How could one not be on the same side as someone who had lost her parents definitively? Suzie’s own tribulations seemed minor. ‘Of course.’
‘Swear.’
‘Yes.’
‘No, swear by all the saints.’
‘I swear by all the saints.’
Sabine rose briskly, taking Suzie’s hand to drag her up too.
‘Where are we?’
‘This is the chapel. I use it as a hiding place. The reason that it’s safe is because she never comes here. She’s not Catholic. Now, I’ll take you to Micheline. You’d better sleep in my room.’
* * *
From that first day Suzie had been under Sabine’s rule. Sabine had wanted to be her friend. For a long time she had had no friends, so Sabine’s eagerness for her companionship was at first a solace. But it came at a price. Sabine wanted her alliance in her war with her stepmother and watched Suzie carefully for any sign of defection. Suzie had at first tried to retain the friendship of both, because she needed them both. Sh
e could see no harm in Madame Ariane; indeed, she seemed full of good will, refusing to notice Sabine’s rudeness to her. But Sabine would not permit any intermediate position. Suzie had to take sides: if she wasn’t for her, she was against her.
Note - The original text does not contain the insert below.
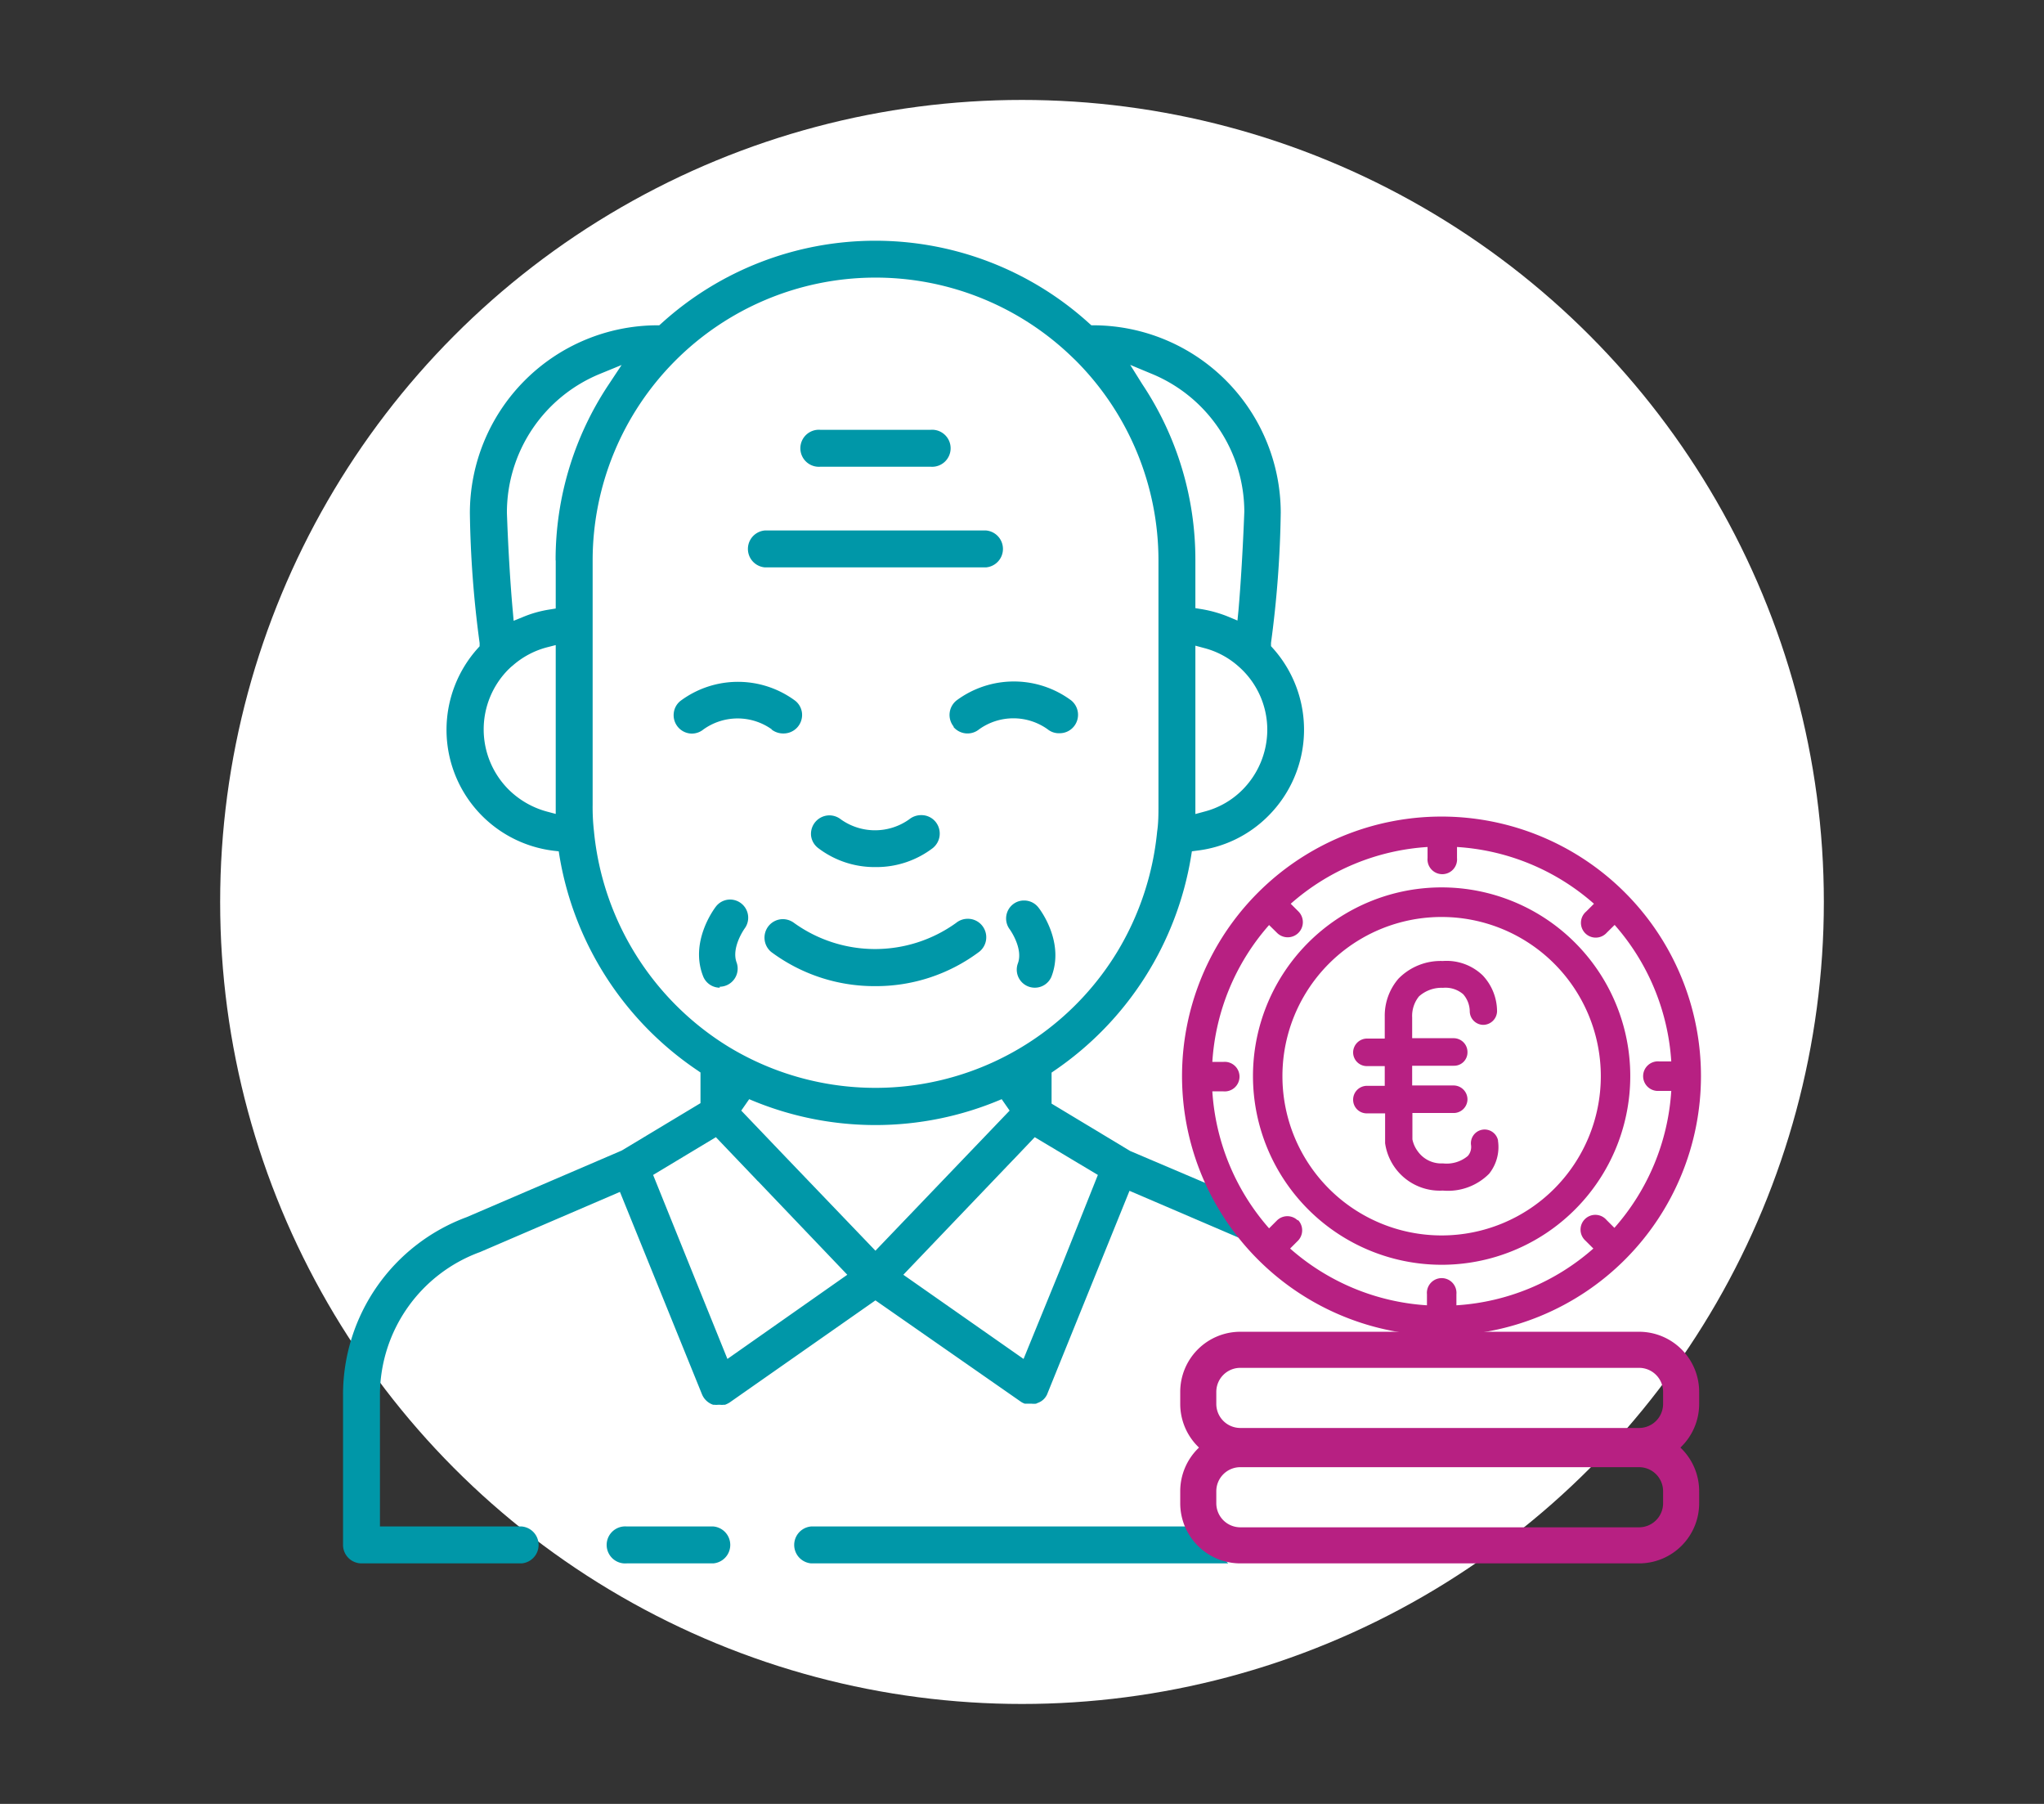 <svg xmlns="http://www.w3.org/2000/svg" viewBox="0 0 170 150"><rect x="0" y="0" width="170" height="150" fill="#333333" stroke="none"/><defs><style>.cls-1{fill:#fff;}.cls-2{fill:#0097a8;}.cls-3{fill:#b72082;}</style></defs><g id="Ronds_blancs" data-name="Ronds blancs"><circle class="cls-1" cx="85" cy="75" r="66.69"/></g><g id="Pictos"><path class="cls-2" d="M59.32,126.93h-7.2a1.54,1.54,0,1,0,0,3.07h7.2a1.54,1.54,0,0,0,0-3.07Z"/><path class="cls-2" d="M80.51,76.4a1.53,1.53,0,0,0-1,.35,11.54,11.54,0,0,1-13.46,0,1.56,1.56,0,0,0-.93-.32,1.53,1.53,0,0,0-1.22.6,1.55,1.55,0,0,0,.23,2.12A14.36,14.36,0,0,0,72.81,82h0a14.31,14.31,0,0,0,8.65-2.87A1.54,1.54,0,0,0,81.71,77,1.52,1.52,0,0,0,80.51,76.4Z"/><path class="cls-2" d="M68.24,38.81H77.4a1.54,1.54,0,1,0,0-3.07H68.23a1.54,1.54,0,1,0,0,3.07Z"/><path class="cls-2" d="M67.47,126.93a1.54,1.54,0,0,0,0,3.07h34.68l-2.92-3.07Z"/><path class="cls-2" d="M84.91,116.56h0l0,0a1.37,1.37,0,0,0,.32.16l.15,0,.3,0h.12a1.57,1.57,0,0,0,.37,0h0l.13-.06a1.33,1.33,0,0,0,.83-.82l6.81-16.82,9.63,4.13-2-4.22L94,95.71l0,0-6.54-3.94V89.19l.26-.18A26.8,26.8,0,0,0,99.06,71.22l.07-.43.44-.06a10,10,0,0,0,5.92-2.89,10.14,10.14,0,0,0,.4-13.91l-.18-.2,0-.27a89.56,89.56,0,0,0,.81-10.85A15.61,15.61,0,0,0,91,27.05h-.23l-.17-.15A26.46,26.46,0,0,0,55,26.9l-.17.15H54.6A15.62,15.62,0,0,0,39.08,42.68a88.73,88.73,0,0,0,.81,10.79l0,.27-.18.2a10.13,10.13,0,0,0,6.32,16.8l.44.05.07.44A26.8,26.8,0,0,0,58,89l.26.18v2.55l-6.55,3.94-12.9,5.54A15.74,15.74,0,0,0,28.53,115.9v12.57A1.54,1.54,0,0,0,30.06,130H43.38a1.54,1.54,0,0,0,0-3.07H31.6v-11a12.66,12.66,0,0,1,8.33-11.82l11.63-5,6.82,16.82a1.53,1.53,0,0,0,.93.88h0l.08,0a2,2,0,0,0,.37,0h.11a1.47,1.47,0,0,0,.33,0l.1,0a2.12,2.12,0,0,0,.37-.18l12.14-8.5Zm6.4-18.86-3,7.52L85.13,113l-10-7,9.08-9.5.1-.1,1.75-1.84Zm14.09-37a7.1,7.1,0,0,1-2.09,5,6.9,6.9,0,0,1-3.15,1.79l-.74.2v-14l.74.2a6.88,6.88,0,0,1,2.82,1.5A7,7,0,0,1,105.4,60.67ZM95.73,31.06a12.43,12.43,0,0,1,7.76,11.49c-.11,2.94-.3,6.1-.49,8.25l-.08.8-.74-.31a10.41,10.41,0,0,0-2.26-.64l-.5-.08v-4A26.29,26.29,0,0,0,95,31.94L94,30.34ZM46.22,67.68l-.75-.2a7.19,7.19,0,0,1-3.17-1.83,7.07,7.07,0,0,1,0-10c.08-.07.15-.15.25-.23l.12-.1a7,7,0,0,1,2.81-1.49l.74-.19Zm0-21.08v4l-.49.08a9.48,9.48,0,0,0-2.27.64l-.74.3-.07-.8c-.2-2.16-.39-5.29-.49-8.18a12.46,12.46,0,0,1,7.76-11.56l1.78-.73-1.06,1.6A26.29,26.29,0,0,0,46.21,46.6ZM49.4,69.12a17.75,17.75,0,0,1-.11-2.19V46.6A23.53,23.53,0,0,1,89.22,29.74l.23.22a23.53,23.53,0,0,1,6.9,16.64V66.93c0,.74,0,1.49-.11,2.22a23.79,23.79,0,0,1-3.32,10,23.54,23.54,0,0,1-32.33,7.89A23.7,23.7,0,0,1,49.4,69.12ZM60.5,113l-2.31-5.71L54.32,97.7l5.22-3.14,3.38,3.54a.88.88,0,0,0,.14.14L70.47,106Zm4.82-16.81h0l-3.67-3.84.66-.95a26.7,26.7,0,0,0,21,0l.66.95L72.81,104Z"/><path class="cls-2" d="M64.17,60.66a1.59,1.59,0,0,0,1,.33,1.54,1.54,0,0,0,1.53-1.72,1.51,1.51,0,0,0-.56-1,8,8,0,0,0-9.53,0,1.49,1.49,0,0,0-.57,1A1.53,1.53,0,0,0,57.51,61a1.53,1.53,0,0,0,1-.35,4.89,4.89,0,0,1,5.68,0Z"/><path class="cls-2" d="M68.05,70.52a7.72,7.72,0,0,0,4.67,1.58h.18a7.72,7.72,0,0,0,4.68-1.58,1.55,1.55,0,0,0,.25-2.16,1.52,1.52,0,0,0-1.21-.58,1.58,1.58,0,0,0-1,.35,4.9,4.9,0,0,1-5.69,0,1.54,1.54,0,0,0-.95-.33,1.54,1.54,0,0,0-1.52,1.72A1.52,1.52,0,0,0,68.05,70.52Z"/><path class="cls-2" d="M79.31,60.41l0,.05a1.53,1.53,0,0,0,2.13.18,4.9,4.9,0,0,1,5.69,0,1.48,1.48,0,0,0,1,.33,1.52,1.52,0,0,0,1.2-.58,1.54,1.54,0,0,0-.24-2.15,8,8,0,0,0-9.53,0A1.54,1.54,0,0,0,79.31,60.41Z"/><path class="cls-2" d="M63.62,47.18H82a1.54,1.54,0,0,0,0-3.07H63.62a1.54,1.54,0,0,0,0,3.07Z"/><path class="cls-3" d="M119.9,105.17a15.69,15.69,0,1,0-15.69-15.68h0A15.7,15.7,0,0,0,119.9,105.17Zm0-28.92a13.24,13.24,0,1,1-13.24,13.24A13.23,13.23,0,0,1,119.9,76.25Z"/><path class="cls-3" d="M141.47,89.49a21.58,21.58,0,1,0-21.57,21.57A21.58,21.58,0,0,0,141.47,89.49Zm-33.53,12a1.23,1.23,0,0,0-1.74,0h0l-.65.65a19.07,19.07,0,0,1-4.72-11.39h.92a1.23,1.23,0,1,0,0-2.45h-.92a19,19,0,0,1,4.72-11.38l.65.64A1.23,1.23,0,1,0,108,75.8h0l-.65-.65a19,19,0,0,1,11.38-4.72v.92a1.23,1.23,0,1,0,2.45,0v-.92a19,19,0,0,1,11.39,4.72l-.65.65a1.23,1.23,0,1,0,1.72,1.75v0l.65-.64A19,19,0,0,1,139,88.26H138a1.23,1.23,0,1,0,0,2.45H139a19,19,0,0,1-4.73,11.39l-.65-.65a1.23,1.23,0,1,0-1.75,1.72h0l.65.65a19,19,0,0,1-11.39,4.72v-.92a1.23,1.23,0,1,0-2.45,0v.92a19,19,0,0,1-11.38-4.72l.65-.65a1.24,1.24,0,0,0,0-1.73Z"/><path class="cls-3" d="M124.59,94.87a3.56,3.56,0,0,1-.74,2.73A4.82,4.82,0,0,1,120,99a4.59,4.59,0,0,1-4.8-3.94V92.58h-1.53a1.13,1.13,0,0,1-1.13-1.13,1.15,1.15,0,0,1,1.13-1.16h1.5V88.65h-1.5a1.14,1.14,0,0,1-1.13-1.14,1.16,1.16,0,0,1,1.13-1.15h1.5V84.53a4.71,4.71,0,0,1,1.14-3.15A4.91,4.91,0,0,1,120,79.91a4.33,4.33,0,0,1,3.32,1.2,4.37,4.37,0,0,1,1.19,3,1.16,1.16,0,0,1-1.16,1.11,1.14,1.14,0,0,1-1.11-1.16,2.21,2.21,0,0,0-.54-1.38,2.25,2.25,0,0,0-1.68-.54,2.82,2.82,0,0,0-2,.71,2.58,2.58,0,0,0-.57,1.75v1.73h3.47a1.15,1.15,0,0,1,1.13,1.15,1.11,1.11,0,0,1-1.13,1.14h-3.47v1.64h3.47a1.16,1.16,0,0,1,1.13,1.16,1.15,1.15,0,0,1-1.13,1.13h-3.45v2.19a2.48,2.48,0,0,0,.45,1,2.4,2.4,0,0,0,2.09,1,2.74,2.74,0,0,0,2.07-.62,1.14,1.14,0,0,0,.27-.88v0a1.14,1.14,0,0,1,2.24-.42Z"/><path class="cls-3" d="M136.32,113.74a2,2,0,0,1,2,2v1a2,2,0,0,1-2,2H103.16a2,2,0,0,1-2-2v-1a2,2,0,0,1,2-2h33.16m0-3H103.16a5,5,0,0,0-5,5v1a5,5,0,0,0,5,5h33.16a5,5,0,0,0,5-5v-1a5,5,0,0,0-5-5Z"/><path class="cls-3" d="M136.32,122a2,2,0,0,1,2,2v1a2,2,0,0,1-2,2H103.16a2,2,0,0,1-2-2v-1a2,2,0,0,1,2-2h33.16m0-3H103.16a5,5,0,0,0-5,5v1a5,5,0,0,0,5,5h33.16a5,5,0,0,0,5-5v-1a5,5,0,0,0-5-5Z"/><path class="cls-2" d="M86.05,82.13a1.5,1.5,0,0,1-1.4-2c.48-1.25-.65-2.82-.66-2.84a1.5,1.5,0,0,1,.28-2.11,1.46,1.46,0,0,1,.9-.3,1.5,1.5,0,0,1,1.21.6c.23.29,2.15,2.93,1.07,5.73A1.5,1.5,0,0,1,86.05,82.13Z"/><path class="cls-2" d="M59.86,82.13a1.5,1.5,0,0,1-1.4-1c-1.07-2.79.85-5.44,1.07-5.73a1.49,1.49,0,0,1,1.2-.6,1.51,1.51,0,0,1,1.2,2.41s-1.14,1.59-.66,2.84a1.51,1.51,0,0,1-1.41,2Z"/></g></svg>

Suzie learned what that meant one evening soon after she arrived when they went to receive their goodnight kiss from Madame Veyrines, Madame de Cazalle and Madame Ariane, who were sitting together on the terrace. Madame Ariane had kissed her cheek and then, impulsively, put both arms around her, whispering in her ear, ‘Don’t worry. It’ll be all right one day.’
In their bedroom Sabine had exploded with fury, ‘You mustn’t let her do that. She’s trying to take you away from me, to turn you into a traitor.’
Suzie had protested feebly, denying her pleasure in the moment, insisting that she had only received, not given anything in the exchange. Sabine’s emotional tirade had been kept up late into the night until, sobbing, beaten, Suzie had promised to have no conversations with Madame Ariane. She would hate her, for Sabine’s sake, she swore. From then on she had to ignore all overtures of intimacy from Madame Ariane and to ally herself with Sabine. She had no choice but to submit to Sabine’s regime of terror.
Chapter Seventeen
Florence reappeared in the forest after a couple of hours to summon them home, where they found the Germans installing themselves in the house, and Micheline and Madame Ariane busy moving their belongings and those of the aunts into the tower. The officer in charge had demanded a roll-call of the household and seven o’clock found them, all of them, in the hall waiting for the hour to strike, to knock on the door of the library.
‘There is something profoundly humiliating about queuing at the door in one’s own house,’ Madame Ariane remarked to Henri, ‘which is presumably why we have to do it. They’ve already made me take them round and recount the history of Bonnemort, as if they were guests being given a house tour.’